Among the records, find the lines that hold the string "step" and return them.

··· Records for the task ···

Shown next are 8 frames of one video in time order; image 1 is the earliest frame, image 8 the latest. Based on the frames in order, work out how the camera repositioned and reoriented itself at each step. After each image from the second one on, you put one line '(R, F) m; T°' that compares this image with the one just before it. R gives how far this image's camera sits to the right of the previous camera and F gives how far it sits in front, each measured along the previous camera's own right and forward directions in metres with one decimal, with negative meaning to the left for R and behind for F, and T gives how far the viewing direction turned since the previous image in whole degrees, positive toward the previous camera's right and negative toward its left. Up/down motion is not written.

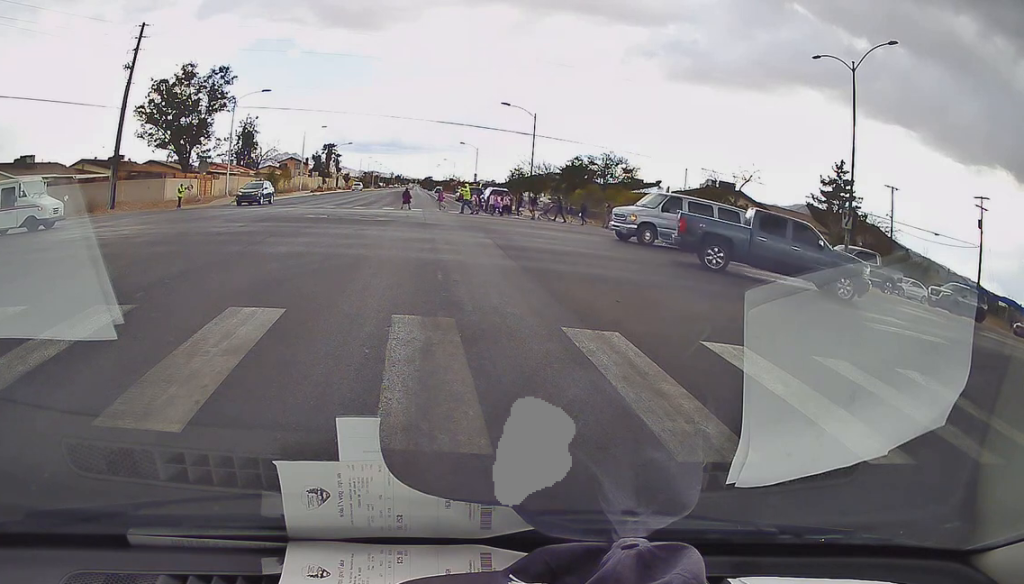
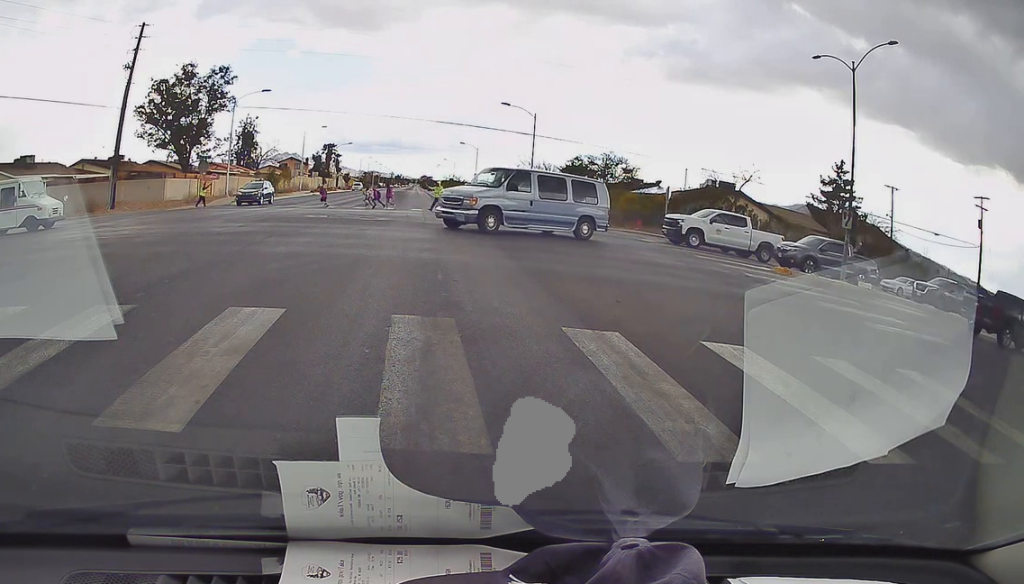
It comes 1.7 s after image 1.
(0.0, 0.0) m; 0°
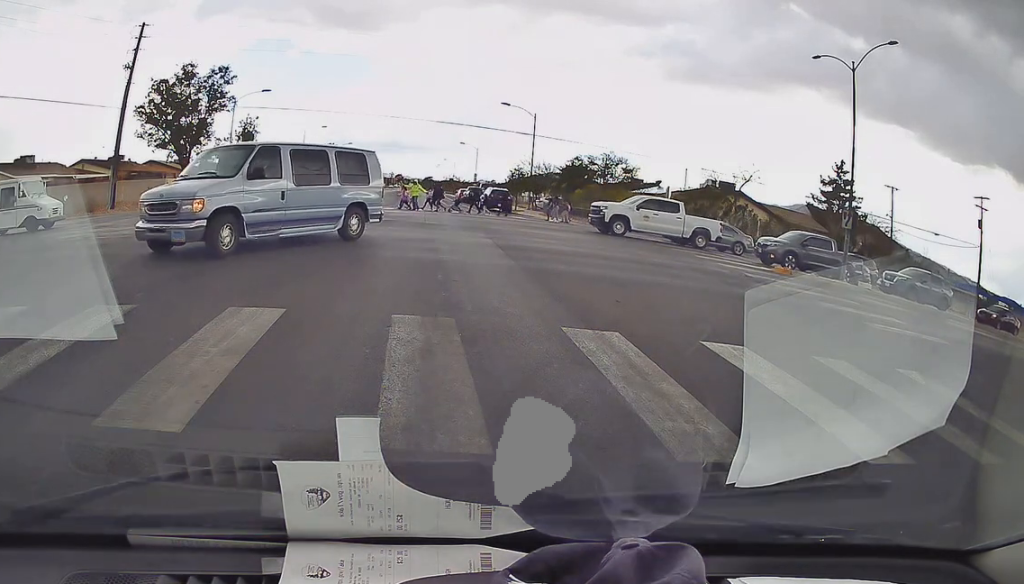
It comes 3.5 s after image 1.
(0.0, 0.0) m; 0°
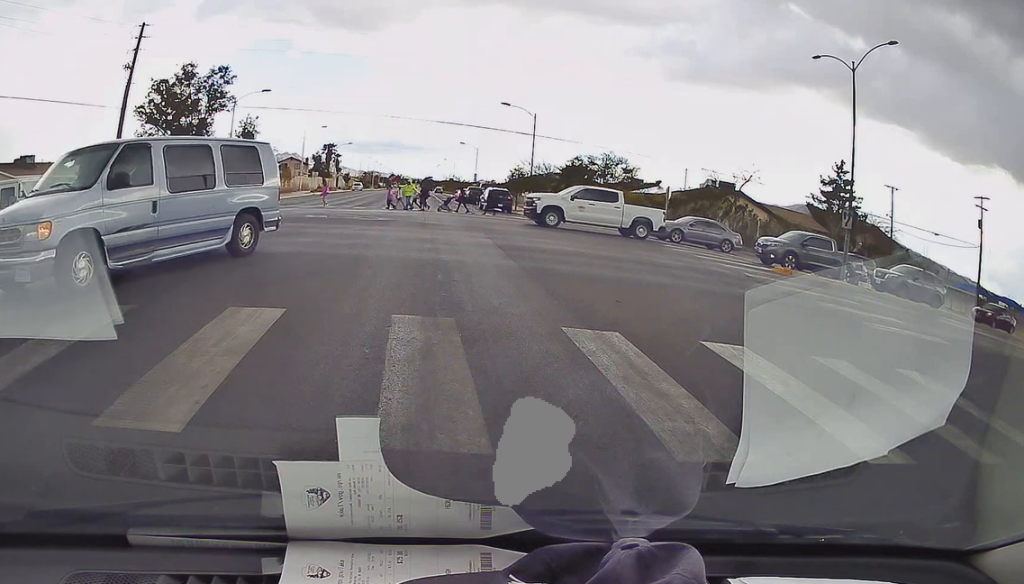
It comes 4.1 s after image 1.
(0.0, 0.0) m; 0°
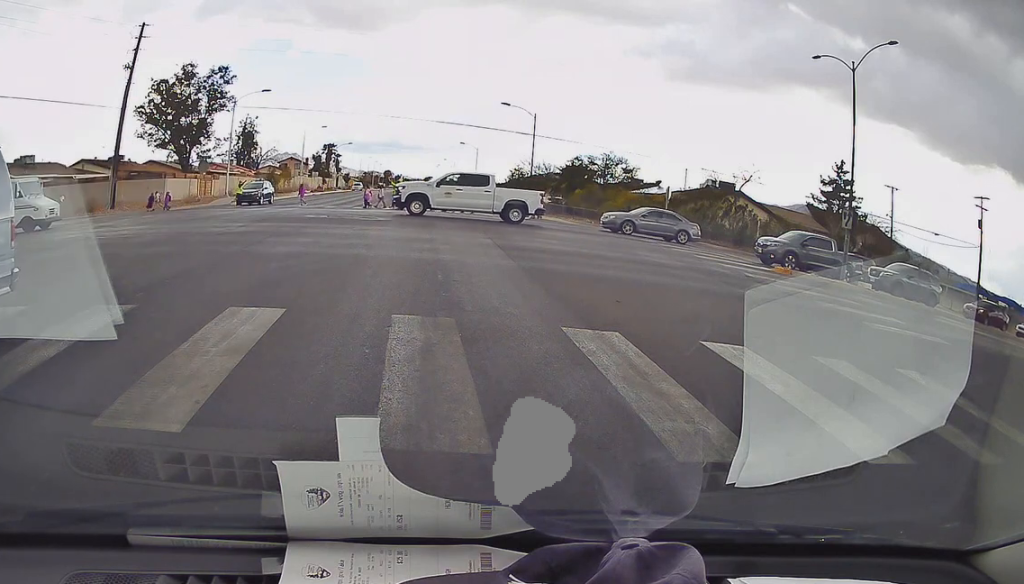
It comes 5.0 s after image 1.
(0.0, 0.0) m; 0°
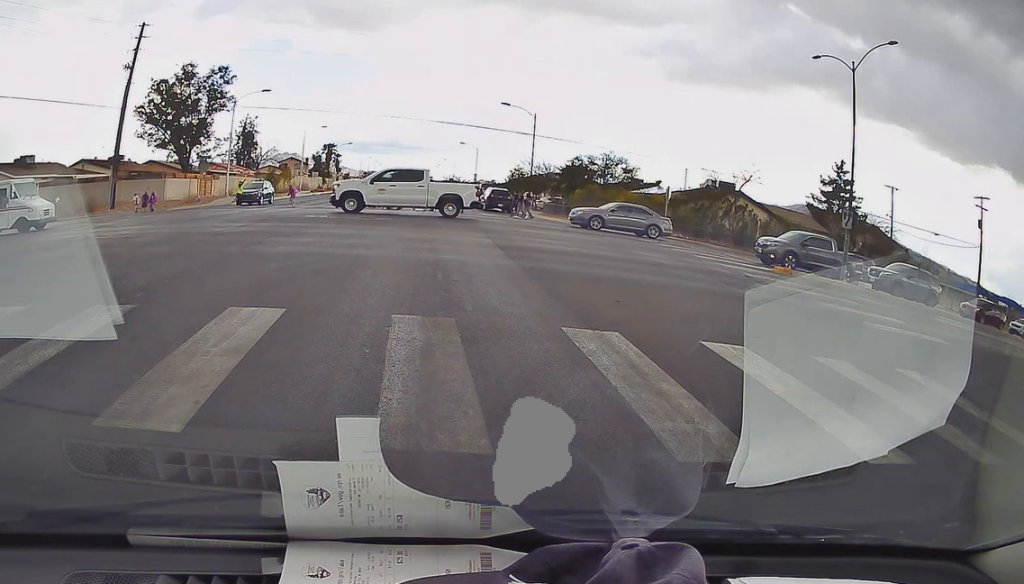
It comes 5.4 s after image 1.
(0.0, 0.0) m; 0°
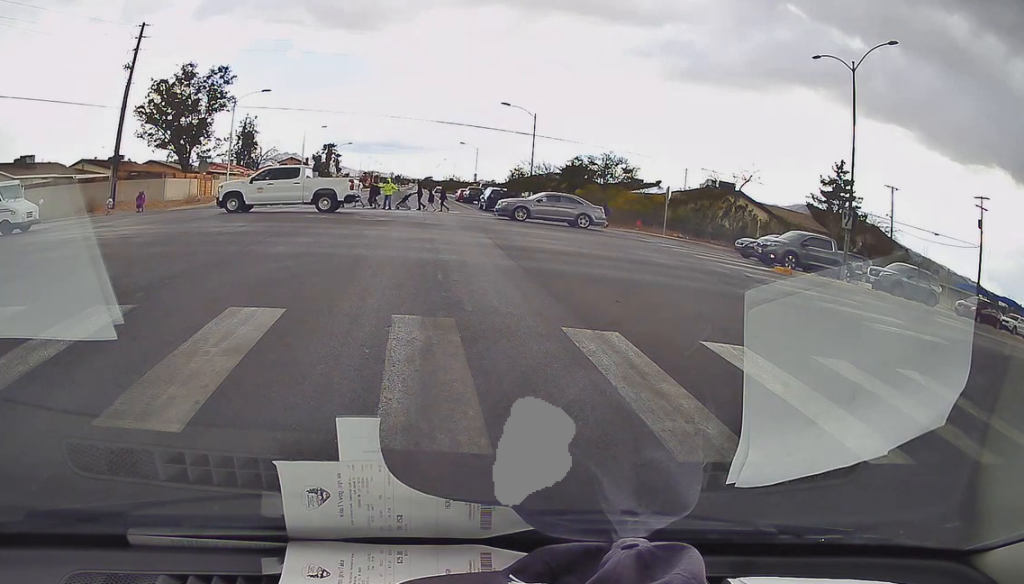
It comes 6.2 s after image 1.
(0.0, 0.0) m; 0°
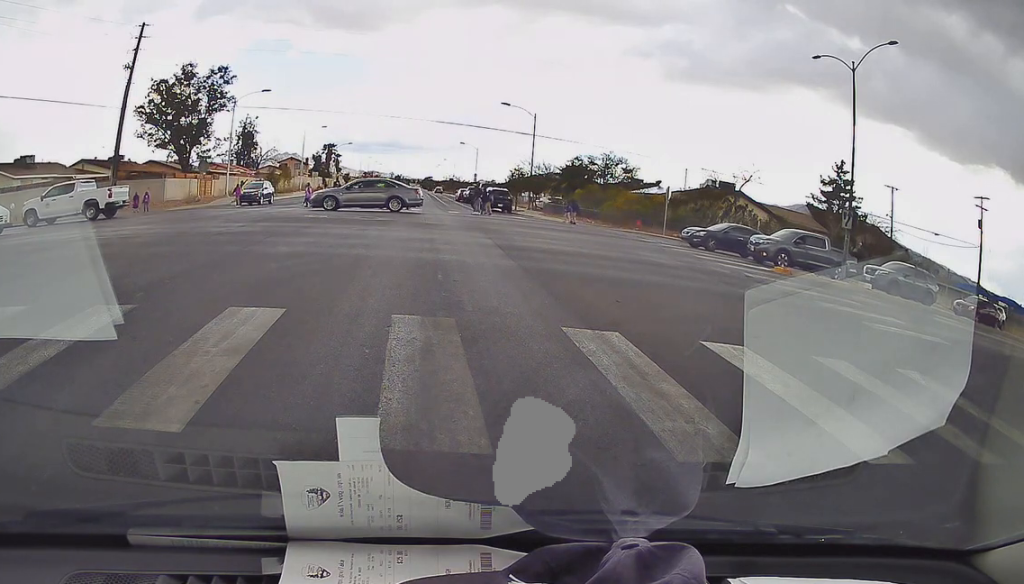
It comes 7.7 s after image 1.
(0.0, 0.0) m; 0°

···
··· Records for the task ···

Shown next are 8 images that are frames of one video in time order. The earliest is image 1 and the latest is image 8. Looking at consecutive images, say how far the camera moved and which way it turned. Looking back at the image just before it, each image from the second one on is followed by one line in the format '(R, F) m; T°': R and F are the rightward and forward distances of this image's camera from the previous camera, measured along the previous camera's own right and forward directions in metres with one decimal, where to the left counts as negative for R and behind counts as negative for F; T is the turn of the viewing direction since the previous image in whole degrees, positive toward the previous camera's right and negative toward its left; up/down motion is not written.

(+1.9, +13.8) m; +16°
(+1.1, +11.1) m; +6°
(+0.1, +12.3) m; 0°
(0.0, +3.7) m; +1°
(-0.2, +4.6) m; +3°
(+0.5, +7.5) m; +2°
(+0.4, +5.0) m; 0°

···
··· Records for the task ···

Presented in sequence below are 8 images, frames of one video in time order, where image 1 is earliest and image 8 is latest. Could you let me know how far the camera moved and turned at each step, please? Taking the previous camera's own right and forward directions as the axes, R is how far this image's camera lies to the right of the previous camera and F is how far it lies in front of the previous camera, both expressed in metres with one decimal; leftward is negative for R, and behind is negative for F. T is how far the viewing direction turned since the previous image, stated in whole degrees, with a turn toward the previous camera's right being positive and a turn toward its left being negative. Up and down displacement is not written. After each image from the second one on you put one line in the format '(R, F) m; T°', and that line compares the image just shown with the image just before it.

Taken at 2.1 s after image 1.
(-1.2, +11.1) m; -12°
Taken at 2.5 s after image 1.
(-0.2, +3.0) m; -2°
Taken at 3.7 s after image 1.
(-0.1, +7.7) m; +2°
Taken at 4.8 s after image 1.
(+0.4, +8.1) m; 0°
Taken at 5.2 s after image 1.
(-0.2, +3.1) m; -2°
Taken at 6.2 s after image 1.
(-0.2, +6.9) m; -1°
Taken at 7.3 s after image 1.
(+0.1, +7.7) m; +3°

···

(Result of the exercise)
Shown next are 8 frames of one video in time order; image 1 is the earliest frame, image 8 the latest. Based on the frames in order, work out how the camera repositioned and reoriented itself at each step. After each image from the second one on, you put one line '(R, F) m; T°' that compares this image with the one just before it. R gives how far this image's camera sits to the right of the previous camera and F gives how far it sits in front, each measured along the previous camera's own right and forward directions in metres with one decimal, with negative meaning to the left for R and behind for F, and T gives how far the viewing direction turned since the previous image in whole degrees, positive toward the previous camera's right and negative toward its left. Up/down motion is not written.
Presented in sequence below are 8 images, frames of one video in time order, where image 1 is earliest and image 8 is latest. Could you let me know how far the camera moved and turned at each step, please? Taking the previous camera's own right and forward directions as the axes, R is how far this image's camera lies to the right of the previous camera and F is how far it lies in front of the previous camera, both expressed in metres with one decimal; leftward is negative for R, and behind is negative for F. T is how far the viewing direction turned since the previous image, stated in whole degrees, with a turn toward the previous camera's right being positive and a turn toward its left being negative. Up and down displacement is not written. After each image from the second one on you put one line in the format '(R, F) m; T°', and that line compares the image just shown with the image just before it.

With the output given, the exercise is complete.